NHC-treatment resulted in a population with a negatively-skewed, diversified fitness

Based on our finding that NHC-treated VEEV has a minor replication-competent population with increased sequence diversity, we sought to measure the extent of growth defects resulting from those mutations. To test this, we established a viral growth kinetic assay for single infectious units using rVEEV TC-83-dR, which, as stated previously, allows us to use the expression of the EGFP as a surrogate for viral replication. To evaluate growth variations, we determined the maximum growth rate (gr, the maximum slope of EGFP expression) and the Area Under the Curve (AUC) of the EGFP expression from individual wells (Fig. 5A) infected with virus at 0.5 TCID50/well. Under this condition, approximately 20–30% of wells were positive for viral infection, implying that most virus-positive wells began with a single infectious unit. We found that NHC-treated TC-83 virus population showed a significant decrease in viral replication with a negative skewing with respect to gr and AUC in the histogram analysis (Fig. 5B and C). For example, the growth rate and AUC of the NHC 10 µM-treated group was reduced by 20% compared to the mock group. Inversely, other time-associated kinetic parameters such as the lag time (the time intercept between the regression line associated with the gr calculation and the baseline defined by the first point in the calculation zone, defined as ‘LagC’) and time at maximum growth rate (t_gr) were increased, indicating a delayed replication of the NHC-treated populations compared to the mock-treated group (Supportive Fig. 2). At the individual level, however, approximately 44–55% of the single isolates from NHC-conditioned virus exhibited growth rates similar to the untreated group (mean ± 1 x S.D.).

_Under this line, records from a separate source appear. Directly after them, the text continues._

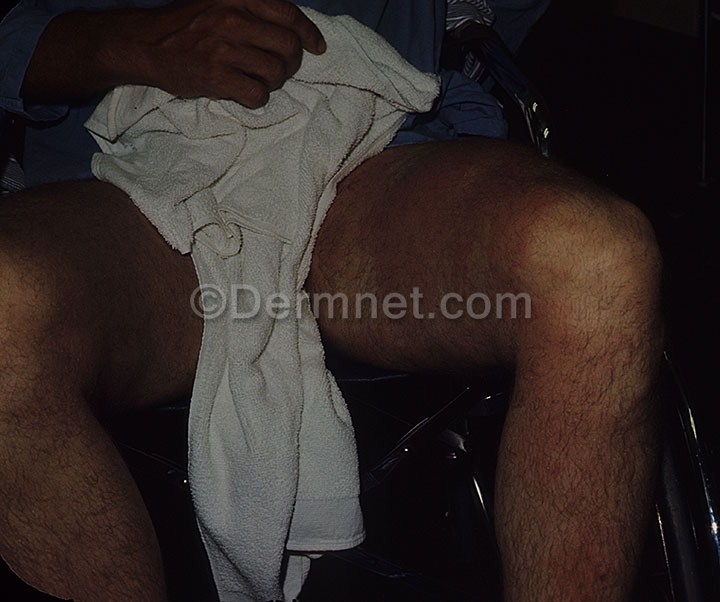
Disease: Cellulitis Impetigo and other Bacterial Infections
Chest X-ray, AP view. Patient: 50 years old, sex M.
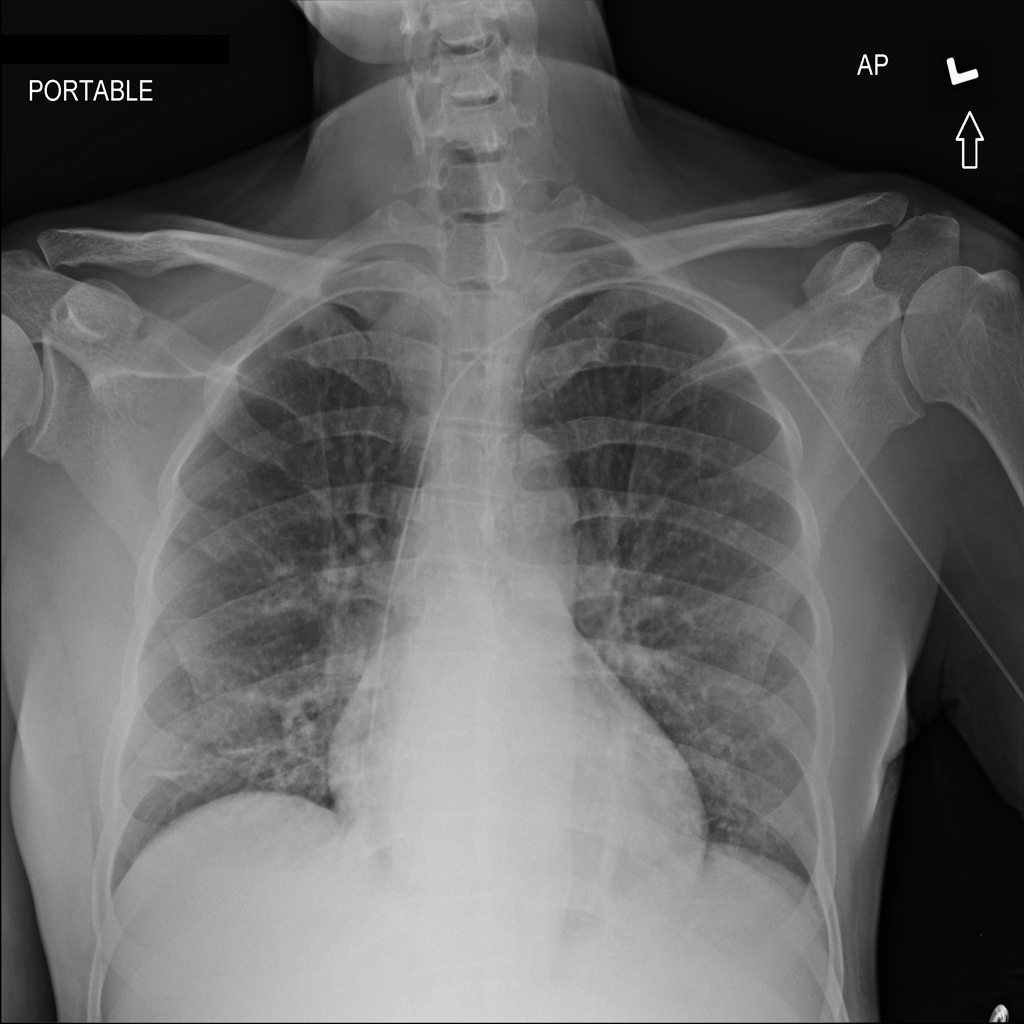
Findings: Atelectasis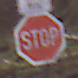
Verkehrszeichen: Stop
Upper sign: RichtungsangabeDurchPfeile9
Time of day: Midday
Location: Outdoor (Nature)
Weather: Overcast
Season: Autumn
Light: Natural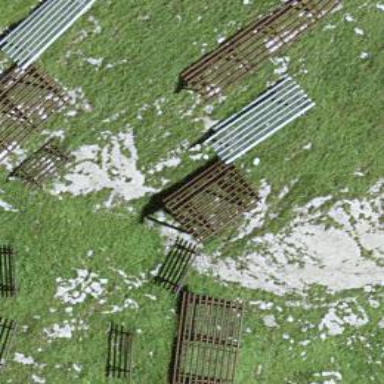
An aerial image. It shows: Snow fence that is man-made.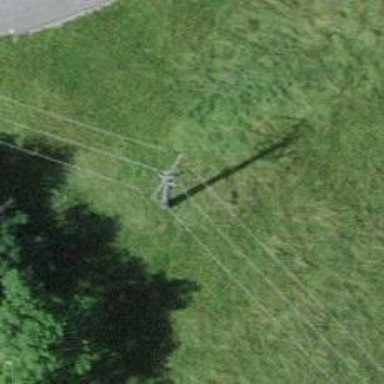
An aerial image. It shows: Power pole.
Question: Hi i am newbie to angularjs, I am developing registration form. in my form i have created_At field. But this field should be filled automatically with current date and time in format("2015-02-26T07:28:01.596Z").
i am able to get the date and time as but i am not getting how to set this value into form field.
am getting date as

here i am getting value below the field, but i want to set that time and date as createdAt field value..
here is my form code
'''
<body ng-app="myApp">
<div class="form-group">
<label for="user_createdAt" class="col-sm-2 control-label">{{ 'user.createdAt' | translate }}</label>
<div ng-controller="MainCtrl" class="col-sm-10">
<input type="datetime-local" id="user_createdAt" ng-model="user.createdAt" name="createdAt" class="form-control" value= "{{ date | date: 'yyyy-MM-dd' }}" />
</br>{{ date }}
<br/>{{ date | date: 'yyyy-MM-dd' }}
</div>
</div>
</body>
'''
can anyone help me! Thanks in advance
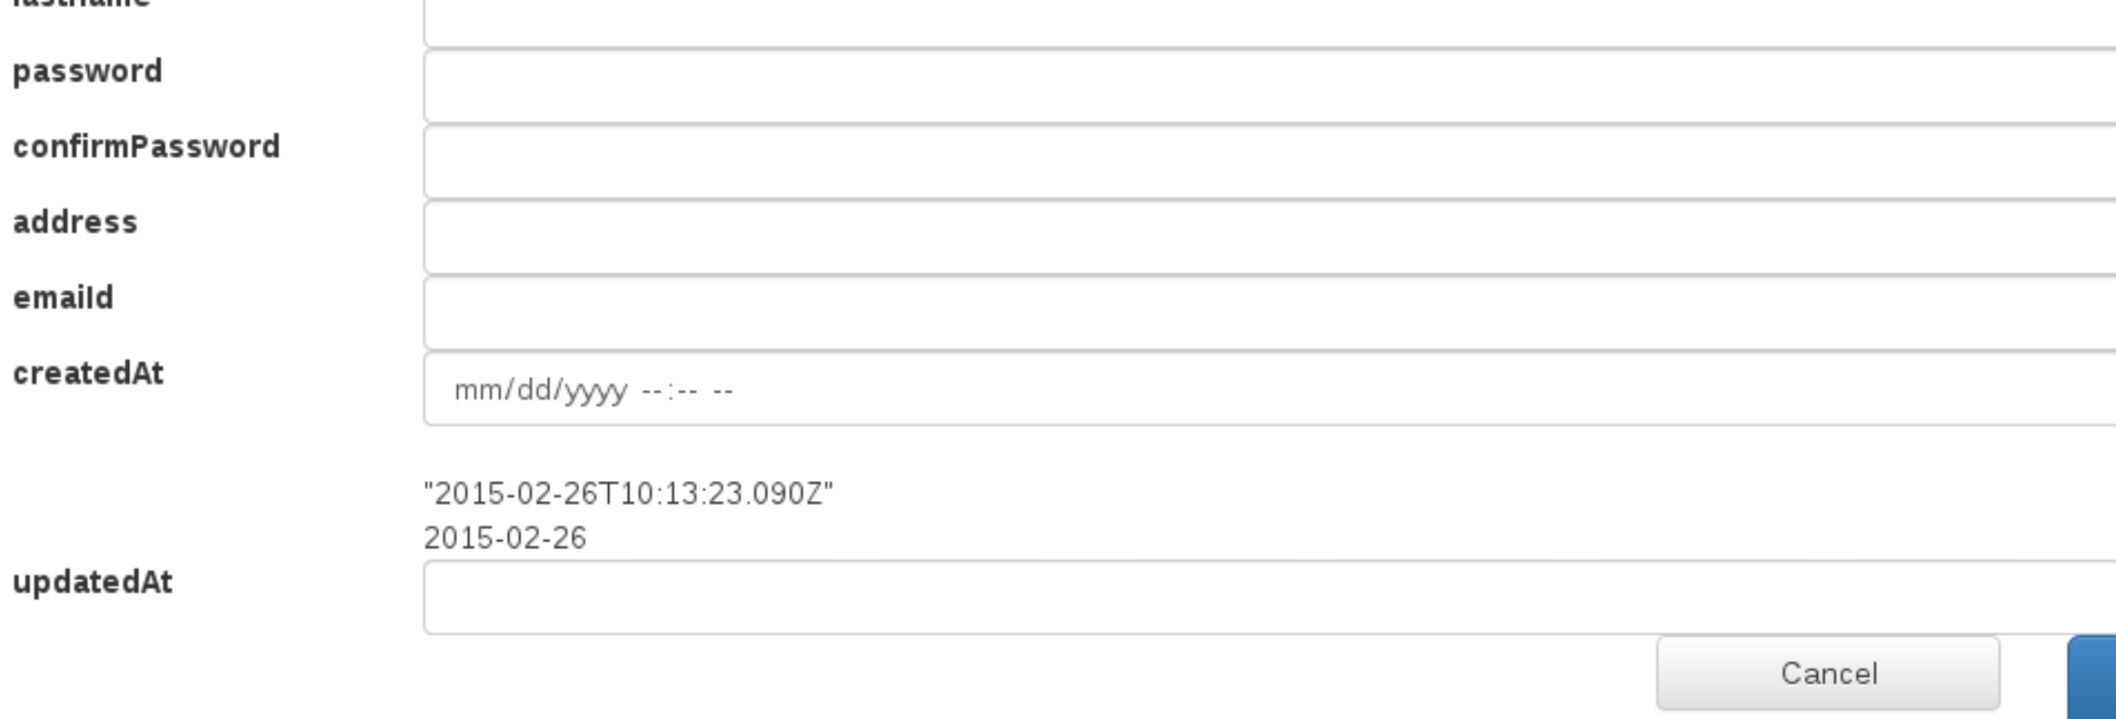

These results demonstrate that even though NHC treatment did not result in an extinction of virus within a single round of treatment, the minor replication-competent population produced from treatment with NHC has a negatively skewed, yet diversified growth rate.

Figure 5
figure 5

Phenotypic effect of mutations induced by NHC on viral replication. Cells plated in a 384-well plate were infected with rVEEV TC-83-dR at 0.5 TCID50/well and the expression of EGFP was monitored in a plate reader with a live culture mode. (A) A representative growth curve of rVEEV TC-83-dR shown for demonstration of growth parameters. Distribution of growth rate (gr) (B) and AUC (C) of mock- or NHC- treated infectious populations. P values were from one-way ANOVA test with Brown-Forsythe method. (n  = 63,39, and 22 for the mock, 10, and 50 µM NHC treated groups.) Dotted and solid lines represent the median and top and bottom 25% percentile in each group and the shaded areas indicate mean ± 1 x S.D from the mean of the mock-treated group.